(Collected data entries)
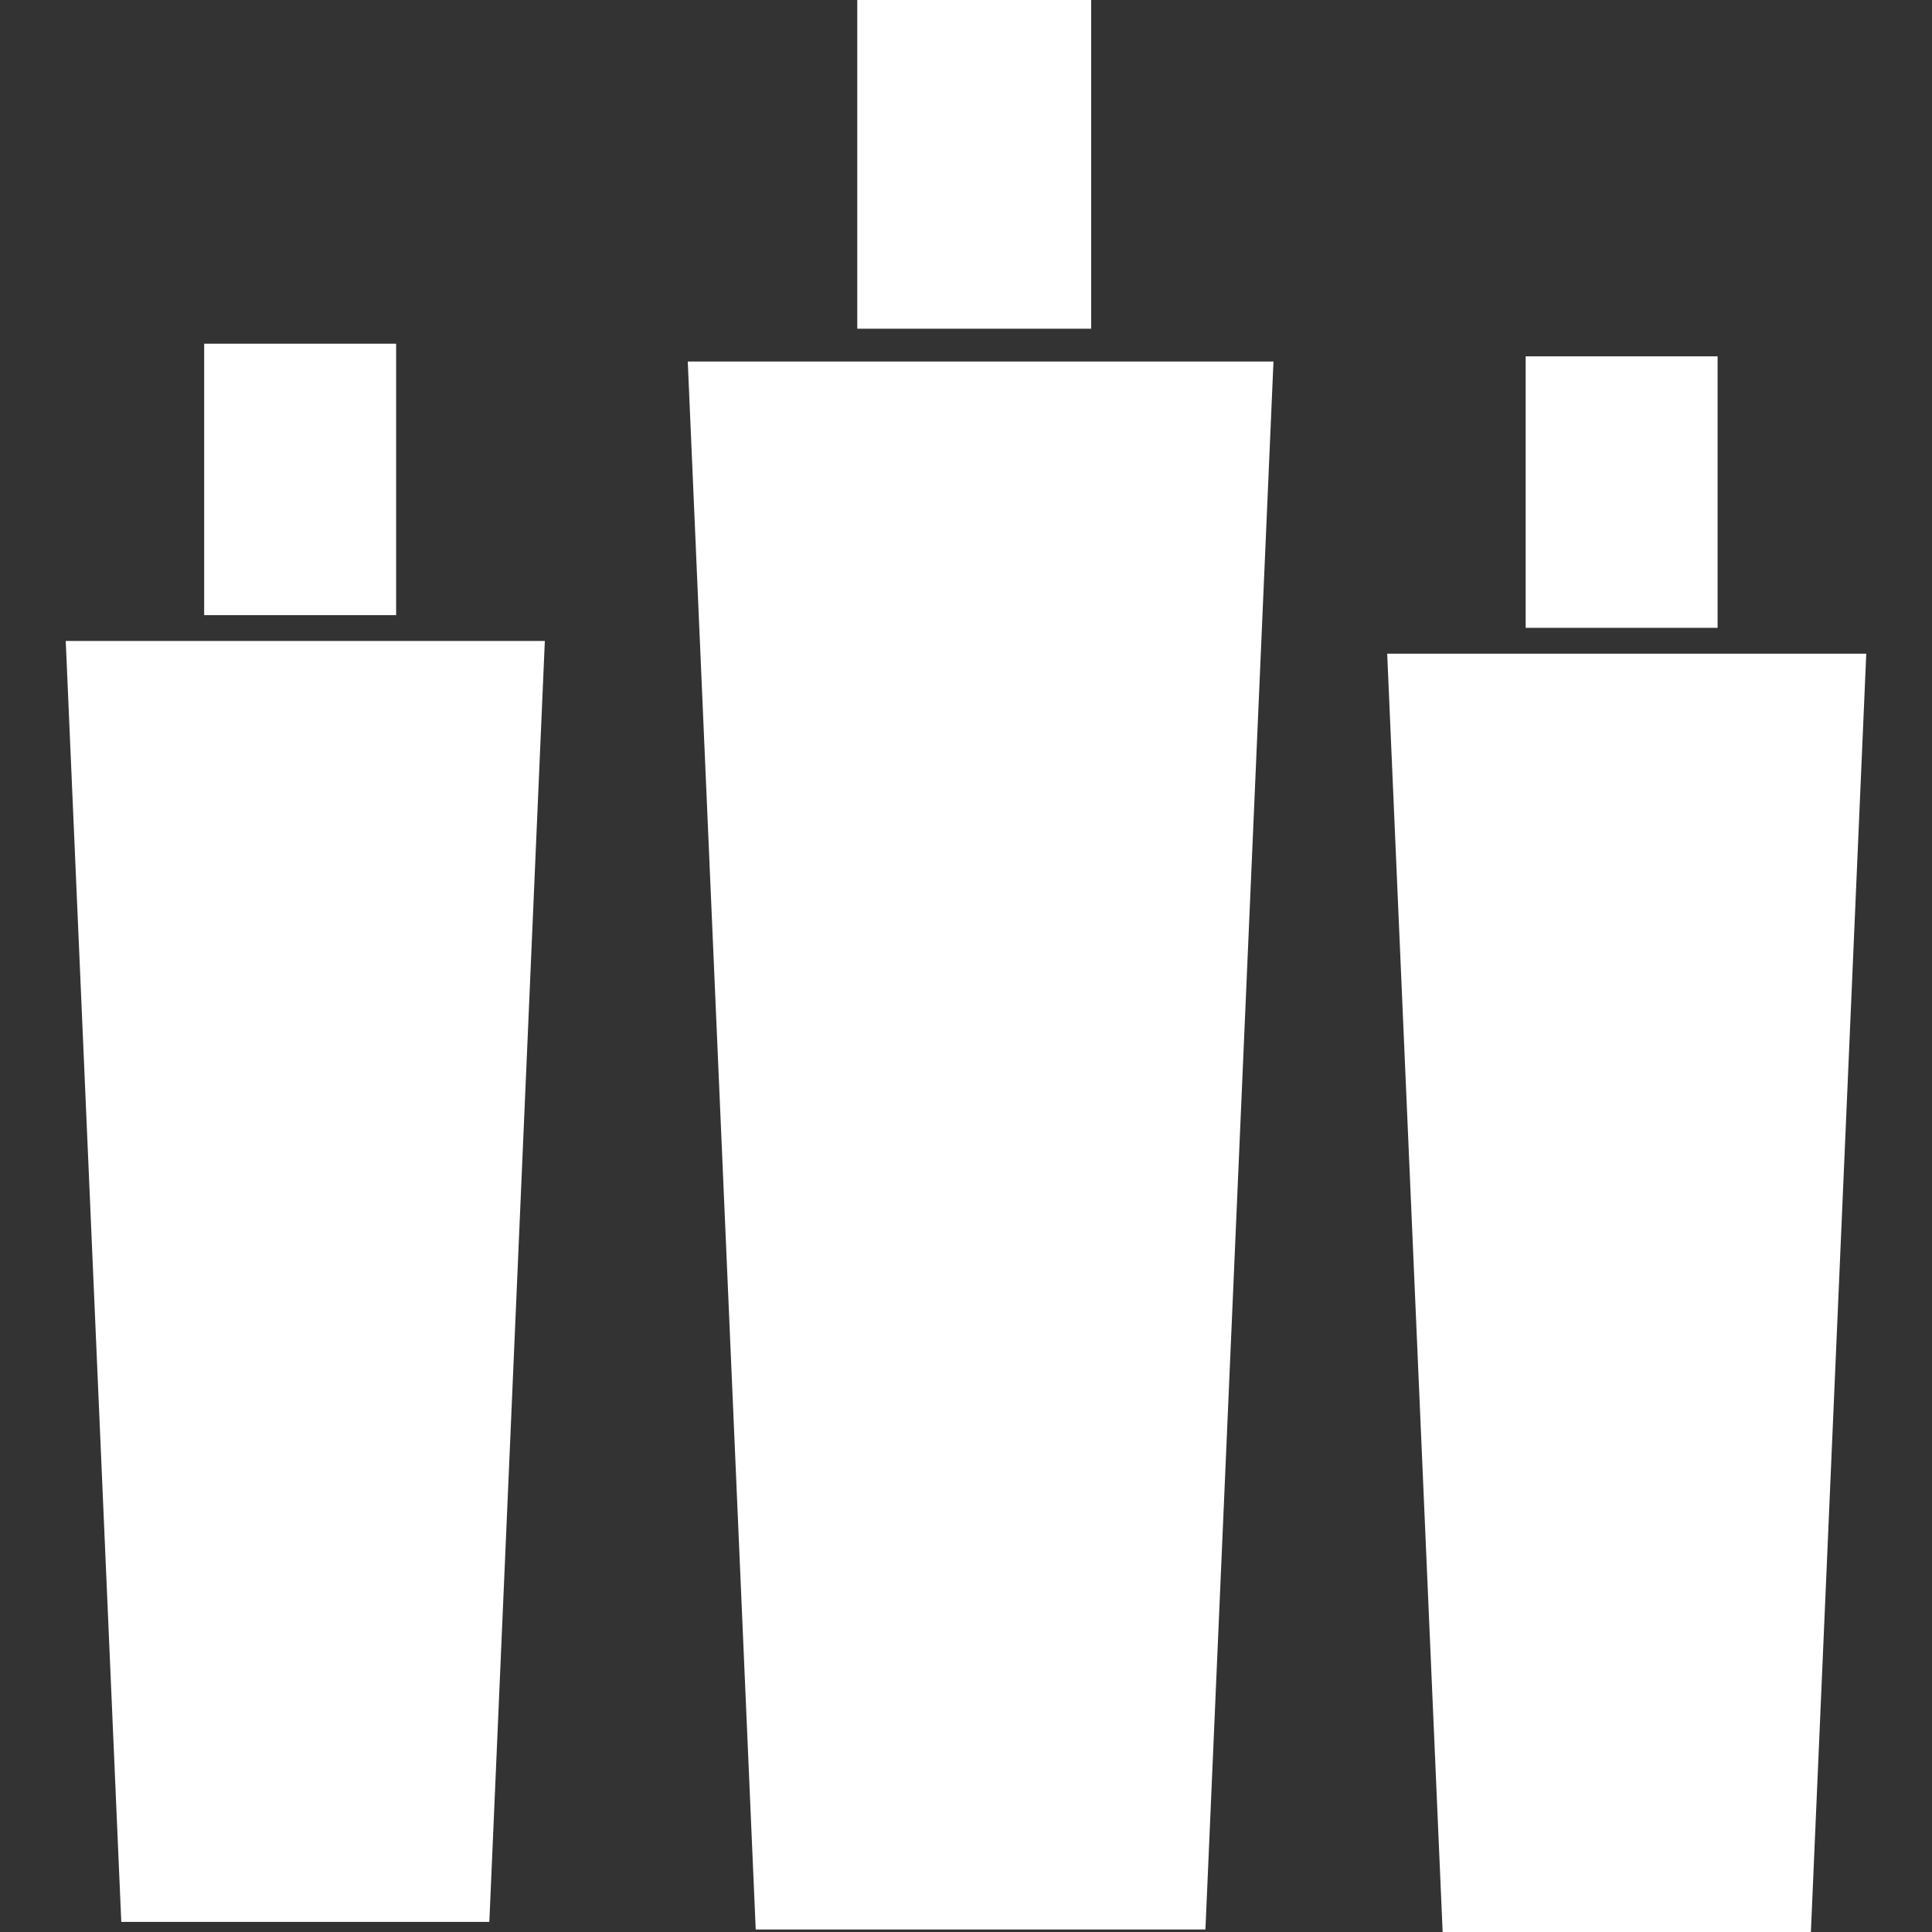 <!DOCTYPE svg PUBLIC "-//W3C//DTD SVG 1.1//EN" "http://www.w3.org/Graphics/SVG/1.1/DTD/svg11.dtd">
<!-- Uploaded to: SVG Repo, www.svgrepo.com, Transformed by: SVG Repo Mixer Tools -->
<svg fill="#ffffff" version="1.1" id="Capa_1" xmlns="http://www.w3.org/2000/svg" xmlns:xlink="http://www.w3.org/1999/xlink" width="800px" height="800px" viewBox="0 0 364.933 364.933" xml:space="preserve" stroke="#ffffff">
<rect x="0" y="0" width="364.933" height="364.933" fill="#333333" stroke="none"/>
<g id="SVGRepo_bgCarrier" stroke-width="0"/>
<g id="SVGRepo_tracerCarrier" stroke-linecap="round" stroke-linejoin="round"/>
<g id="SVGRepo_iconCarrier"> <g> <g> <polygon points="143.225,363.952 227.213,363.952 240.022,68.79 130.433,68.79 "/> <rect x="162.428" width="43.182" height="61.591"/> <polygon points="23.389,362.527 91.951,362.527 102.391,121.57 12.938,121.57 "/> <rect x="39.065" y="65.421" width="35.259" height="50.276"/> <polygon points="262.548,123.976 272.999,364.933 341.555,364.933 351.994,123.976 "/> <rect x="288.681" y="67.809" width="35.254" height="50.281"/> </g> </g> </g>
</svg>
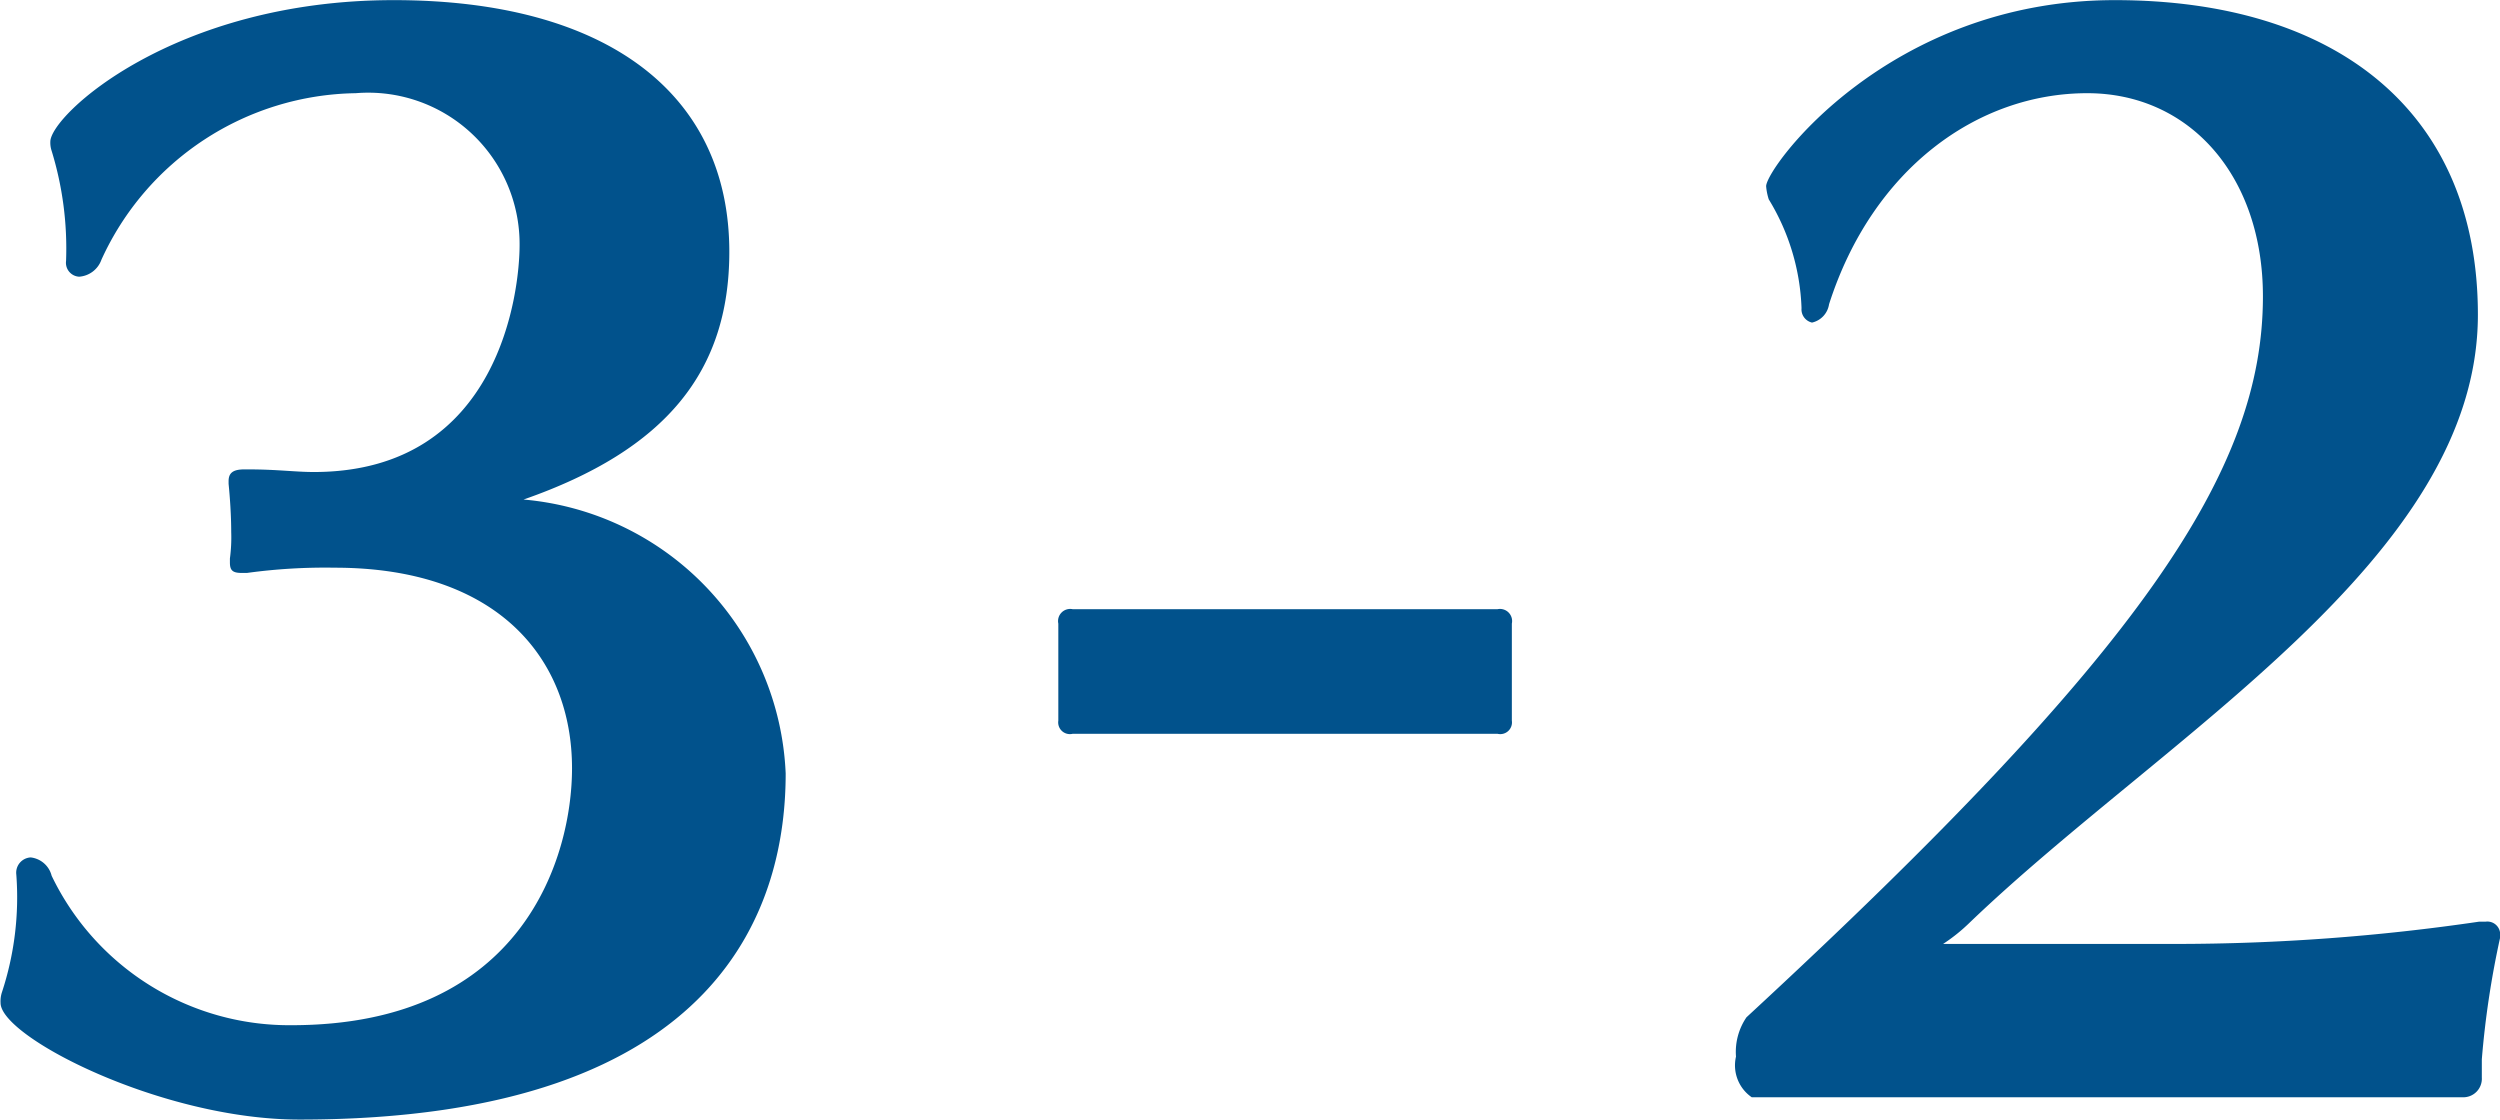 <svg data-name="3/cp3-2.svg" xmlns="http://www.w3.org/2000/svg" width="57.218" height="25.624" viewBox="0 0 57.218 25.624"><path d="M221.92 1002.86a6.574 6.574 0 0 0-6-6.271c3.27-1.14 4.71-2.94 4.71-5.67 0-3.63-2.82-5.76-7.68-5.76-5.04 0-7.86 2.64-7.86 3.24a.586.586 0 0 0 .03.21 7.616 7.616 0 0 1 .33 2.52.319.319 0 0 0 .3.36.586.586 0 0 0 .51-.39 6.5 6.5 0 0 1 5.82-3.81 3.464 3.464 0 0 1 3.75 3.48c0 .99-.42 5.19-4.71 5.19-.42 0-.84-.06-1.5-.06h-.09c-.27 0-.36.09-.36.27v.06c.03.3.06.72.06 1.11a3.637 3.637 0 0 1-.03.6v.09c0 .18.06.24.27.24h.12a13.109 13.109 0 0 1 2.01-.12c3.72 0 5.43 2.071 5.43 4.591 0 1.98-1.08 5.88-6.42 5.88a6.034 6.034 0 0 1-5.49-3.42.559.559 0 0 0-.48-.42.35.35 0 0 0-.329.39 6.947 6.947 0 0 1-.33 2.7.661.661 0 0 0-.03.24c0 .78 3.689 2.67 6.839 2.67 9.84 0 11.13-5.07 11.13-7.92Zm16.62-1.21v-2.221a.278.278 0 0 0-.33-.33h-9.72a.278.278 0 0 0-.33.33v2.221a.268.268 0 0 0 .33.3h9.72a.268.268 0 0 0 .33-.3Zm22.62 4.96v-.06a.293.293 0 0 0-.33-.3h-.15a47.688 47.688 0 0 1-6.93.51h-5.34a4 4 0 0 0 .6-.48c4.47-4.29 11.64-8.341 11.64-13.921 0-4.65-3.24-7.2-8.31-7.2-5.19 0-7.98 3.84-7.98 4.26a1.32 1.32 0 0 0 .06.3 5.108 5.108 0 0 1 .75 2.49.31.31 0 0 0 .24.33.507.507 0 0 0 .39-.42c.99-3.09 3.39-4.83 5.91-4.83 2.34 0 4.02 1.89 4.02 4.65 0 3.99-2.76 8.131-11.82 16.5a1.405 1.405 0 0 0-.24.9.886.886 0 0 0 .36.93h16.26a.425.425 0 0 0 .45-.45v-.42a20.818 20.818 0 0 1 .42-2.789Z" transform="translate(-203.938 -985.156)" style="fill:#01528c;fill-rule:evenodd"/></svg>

# REQUIRED WORK
Looking at the entries above, state the number of lines that contain "stroke" and add nothing more.

# ANSWER TO THIS TASK
4